## AIM OF THE EXERCISE
The records should be restated exactly from their first line through the line with "제자가 하는 거지. 무슨" in it.

(Records drawn from a dataset)
[Start of section]

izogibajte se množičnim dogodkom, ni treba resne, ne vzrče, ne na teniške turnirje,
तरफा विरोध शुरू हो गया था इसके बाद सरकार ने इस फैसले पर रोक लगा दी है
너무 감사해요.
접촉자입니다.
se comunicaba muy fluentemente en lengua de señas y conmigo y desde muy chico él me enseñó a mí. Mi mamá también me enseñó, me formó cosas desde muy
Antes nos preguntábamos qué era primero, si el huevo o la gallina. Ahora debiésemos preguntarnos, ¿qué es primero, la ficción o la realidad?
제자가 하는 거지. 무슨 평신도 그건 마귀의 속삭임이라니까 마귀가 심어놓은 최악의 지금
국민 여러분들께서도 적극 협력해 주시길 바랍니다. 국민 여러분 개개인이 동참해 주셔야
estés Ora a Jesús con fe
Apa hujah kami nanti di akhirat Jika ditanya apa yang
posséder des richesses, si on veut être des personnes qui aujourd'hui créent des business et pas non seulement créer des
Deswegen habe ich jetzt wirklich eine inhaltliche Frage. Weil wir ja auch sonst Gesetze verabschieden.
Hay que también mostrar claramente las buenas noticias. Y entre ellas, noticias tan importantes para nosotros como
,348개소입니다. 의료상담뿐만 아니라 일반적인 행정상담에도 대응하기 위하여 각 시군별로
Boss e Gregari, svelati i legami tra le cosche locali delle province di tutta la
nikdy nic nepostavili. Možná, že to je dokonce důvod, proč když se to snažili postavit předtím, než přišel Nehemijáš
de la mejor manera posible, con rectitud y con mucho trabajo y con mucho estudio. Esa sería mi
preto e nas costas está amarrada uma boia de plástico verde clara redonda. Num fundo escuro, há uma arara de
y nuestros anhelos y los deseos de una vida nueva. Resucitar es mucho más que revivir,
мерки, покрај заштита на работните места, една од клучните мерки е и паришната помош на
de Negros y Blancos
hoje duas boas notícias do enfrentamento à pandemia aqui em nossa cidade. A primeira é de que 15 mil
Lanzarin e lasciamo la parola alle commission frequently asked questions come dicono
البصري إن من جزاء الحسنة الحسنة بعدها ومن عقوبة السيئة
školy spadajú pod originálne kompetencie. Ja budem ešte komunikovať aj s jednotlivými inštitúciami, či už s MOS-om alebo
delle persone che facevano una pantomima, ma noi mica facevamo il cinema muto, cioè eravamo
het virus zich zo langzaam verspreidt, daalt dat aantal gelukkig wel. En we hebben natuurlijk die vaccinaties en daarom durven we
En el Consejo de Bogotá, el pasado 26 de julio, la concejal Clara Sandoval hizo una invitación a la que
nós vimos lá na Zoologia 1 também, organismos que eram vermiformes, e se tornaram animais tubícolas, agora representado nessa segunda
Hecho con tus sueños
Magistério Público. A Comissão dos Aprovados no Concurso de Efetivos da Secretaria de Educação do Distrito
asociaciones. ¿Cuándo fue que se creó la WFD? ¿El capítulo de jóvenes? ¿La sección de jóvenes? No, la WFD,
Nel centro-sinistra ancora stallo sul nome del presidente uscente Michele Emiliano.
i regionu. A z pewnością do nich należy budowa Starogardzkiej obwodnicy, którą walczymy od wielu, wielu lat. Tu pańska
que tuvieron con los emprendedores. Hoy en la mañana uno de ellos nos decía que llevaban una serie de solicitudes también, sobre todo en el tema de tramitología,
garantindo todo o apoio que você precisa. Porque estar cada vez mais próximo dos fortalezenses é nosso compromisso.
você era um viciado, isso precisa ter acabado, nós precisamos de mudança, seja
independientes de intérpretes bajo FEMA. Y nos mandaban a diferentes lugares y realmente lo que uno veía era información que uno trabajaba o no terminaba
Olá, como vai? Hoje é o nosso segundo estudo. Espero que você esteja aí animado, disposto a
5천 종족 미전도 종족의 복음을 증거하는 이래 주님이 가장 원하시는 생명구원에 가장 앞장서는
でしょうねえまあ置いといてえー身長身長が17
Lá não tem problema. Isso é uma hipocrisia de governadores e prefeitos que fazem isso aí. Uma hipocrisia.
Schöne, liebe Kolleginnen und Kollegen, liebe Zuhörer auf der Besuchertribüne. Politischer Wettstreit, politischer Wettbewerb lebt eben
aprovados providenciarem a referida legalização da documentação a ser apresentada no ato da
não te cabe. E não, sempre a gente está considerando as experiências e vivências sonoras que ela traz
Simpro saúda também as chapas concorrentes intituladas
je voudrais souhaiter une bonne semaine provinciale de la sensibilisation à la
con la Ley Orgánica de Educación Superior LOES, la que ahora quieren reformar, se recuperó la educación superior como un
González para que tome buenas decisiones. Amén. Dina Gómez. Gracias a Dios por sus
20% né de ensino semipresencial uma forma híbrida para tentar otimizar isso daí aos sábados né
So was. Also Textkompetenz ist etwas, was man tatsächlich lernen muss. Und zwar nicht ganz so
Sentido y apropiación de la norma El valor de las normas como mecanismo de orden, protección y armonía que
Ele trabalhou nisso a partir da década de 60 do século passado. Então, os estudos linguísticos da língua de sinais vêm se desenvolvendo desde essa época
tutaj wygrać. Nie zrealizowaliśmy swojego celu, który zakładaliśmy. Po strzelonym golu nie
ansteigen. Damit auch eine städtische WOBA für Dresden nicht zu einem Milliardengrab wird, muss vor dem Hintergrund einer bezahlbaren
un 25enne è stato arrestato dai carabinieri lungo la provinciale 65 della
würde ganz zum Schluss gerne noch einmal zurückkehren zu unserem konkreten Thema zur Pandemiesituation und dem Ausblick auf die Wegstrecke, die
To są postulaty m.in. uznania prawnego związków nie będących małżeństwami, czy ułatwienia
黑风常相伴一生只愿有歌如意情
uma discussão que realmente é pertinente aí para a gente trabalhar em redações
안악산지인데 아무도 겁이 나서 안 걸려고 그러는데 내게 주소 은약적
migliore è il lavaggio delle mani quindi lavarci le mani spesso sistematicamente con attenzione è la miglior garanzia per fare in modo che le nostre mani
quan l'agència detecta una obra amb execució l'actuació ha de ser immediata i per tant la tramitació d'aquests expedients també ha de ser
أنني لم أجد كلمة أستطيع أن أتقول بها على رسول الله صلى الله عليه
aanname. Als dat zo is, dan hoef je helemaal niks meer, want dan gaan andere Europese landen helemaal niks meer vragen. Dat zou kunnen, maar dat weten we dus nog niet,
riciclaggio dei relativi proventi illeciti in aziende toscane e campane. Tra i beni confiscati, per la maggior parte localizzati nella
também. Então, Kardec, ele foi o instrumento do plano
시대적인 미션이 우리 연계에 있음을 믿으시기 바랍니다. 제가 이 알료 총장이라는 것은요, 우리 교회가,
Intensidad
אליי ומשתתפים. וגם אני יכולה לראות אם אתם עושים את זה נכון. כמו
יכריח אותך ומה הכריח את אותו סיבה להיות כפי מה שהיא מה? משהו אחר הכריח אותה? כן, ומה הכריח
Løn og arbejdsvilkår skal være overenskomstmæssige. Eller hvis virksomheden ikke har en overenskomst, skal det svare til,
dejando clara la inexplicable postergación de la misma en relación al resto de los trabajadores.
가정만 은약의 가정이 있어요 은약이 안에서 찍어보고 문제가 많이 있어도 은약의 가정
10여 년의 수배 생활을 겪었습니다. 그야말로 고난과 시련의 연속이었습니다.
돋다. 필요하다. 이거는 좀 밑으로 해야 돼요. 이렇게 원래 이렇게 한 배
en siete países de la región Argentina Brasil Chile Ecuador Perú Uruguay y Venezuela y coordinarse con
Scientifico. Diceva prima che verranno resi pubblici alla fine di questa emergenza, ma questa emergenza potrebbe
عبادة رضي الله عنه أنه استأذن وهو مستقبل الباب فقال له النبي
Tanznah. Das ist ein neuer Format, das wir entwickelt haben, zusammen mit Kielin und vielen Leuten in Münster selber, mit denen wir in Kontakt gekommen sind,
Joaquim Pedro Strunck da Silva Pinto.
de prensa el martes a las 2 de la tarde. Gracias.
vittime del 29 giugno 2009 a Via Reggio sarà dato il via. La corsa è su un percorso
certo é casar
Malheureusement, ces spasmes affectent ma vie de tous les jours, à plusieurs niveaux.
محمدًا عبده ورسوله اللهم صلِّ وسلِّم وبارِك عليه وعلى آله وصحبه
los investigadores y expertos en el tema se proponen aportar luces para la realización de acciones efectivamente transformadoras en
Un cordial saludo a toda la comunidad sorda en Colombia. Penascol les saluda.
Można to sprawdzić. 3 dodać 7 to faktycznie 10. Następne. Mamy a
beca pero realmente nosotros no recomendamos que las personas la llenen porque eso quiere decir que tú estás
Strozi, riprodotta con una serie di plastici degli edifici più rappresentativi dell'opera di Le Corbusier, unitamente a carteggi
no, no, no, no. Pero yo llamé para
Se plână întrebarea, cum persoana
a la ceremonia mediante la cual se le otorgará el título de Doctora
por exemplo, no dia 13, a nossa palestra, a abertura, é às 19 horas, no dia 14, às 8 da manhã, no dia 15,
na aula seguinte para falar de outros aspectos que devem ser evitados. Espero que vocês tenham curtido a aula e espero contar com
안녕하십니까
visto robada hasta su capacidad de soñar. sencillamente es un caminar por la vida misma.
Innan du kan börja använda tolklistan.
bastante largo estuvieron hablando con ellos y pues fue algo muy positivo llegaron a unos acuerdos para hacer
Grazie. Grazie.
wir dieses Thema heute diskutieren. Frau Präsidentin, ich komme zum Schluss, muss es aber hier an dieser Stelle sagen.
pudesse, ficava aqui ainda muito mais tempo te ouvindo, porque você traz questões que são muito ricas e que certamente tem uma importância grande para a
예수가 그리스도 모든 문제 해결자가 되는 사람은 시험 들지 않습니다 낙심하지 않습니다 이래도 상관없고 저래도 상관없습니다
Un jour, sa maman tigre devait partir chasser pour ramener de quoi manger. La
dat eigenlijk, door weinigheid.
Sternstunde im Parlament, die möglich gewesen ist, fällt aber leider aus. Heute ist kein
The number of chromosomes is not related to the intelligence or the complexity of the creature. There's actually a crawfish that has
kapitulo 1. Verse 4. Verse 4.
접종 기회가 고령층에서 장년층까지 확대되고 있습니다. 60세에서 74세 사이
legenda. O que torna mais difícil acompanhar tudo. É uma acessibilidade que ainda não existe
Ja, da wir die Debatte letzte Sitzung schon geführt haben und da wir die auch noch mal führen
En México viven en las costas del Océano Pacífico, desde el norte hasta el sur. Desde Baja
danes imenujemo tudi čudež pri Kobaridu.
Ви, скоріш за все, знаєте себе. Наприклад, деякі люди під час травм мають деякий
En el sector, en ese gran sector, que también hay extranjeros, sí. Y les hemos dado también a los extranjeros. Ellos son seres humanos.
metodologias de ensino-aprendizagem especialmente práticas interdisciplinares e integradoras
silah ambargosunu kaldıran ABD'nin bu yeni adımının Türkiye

[End of section]

## OUTPUT FOR THIS TASK
izogibajte se množičnim dogodkom, ni treba resne, ne vzrče, ne na teniške turnirje,
तरफा विरोध शुरू हो गया था इसके बाद सरकार ने इस फैसले पर रोक लगा दी है
너무 감사해요.
접촉자입니다.
se comunicaba muy fluentemente en lengua de señas y conmigo y desde muy chico él me enseñó a mí. Mi mamá también me enseñó, me formó cosas desde muy
Antes nos preguntábamos qué era primero, si el huevo o la gallina. Ahora debiésemos preguntarnos, ¿qué es primero, la ficción o la realidad?
제자가 하는 거지. 무슨 평신도 그건 마귀의 속삭임이라니까 마귀가 심어놓은 최악의 지금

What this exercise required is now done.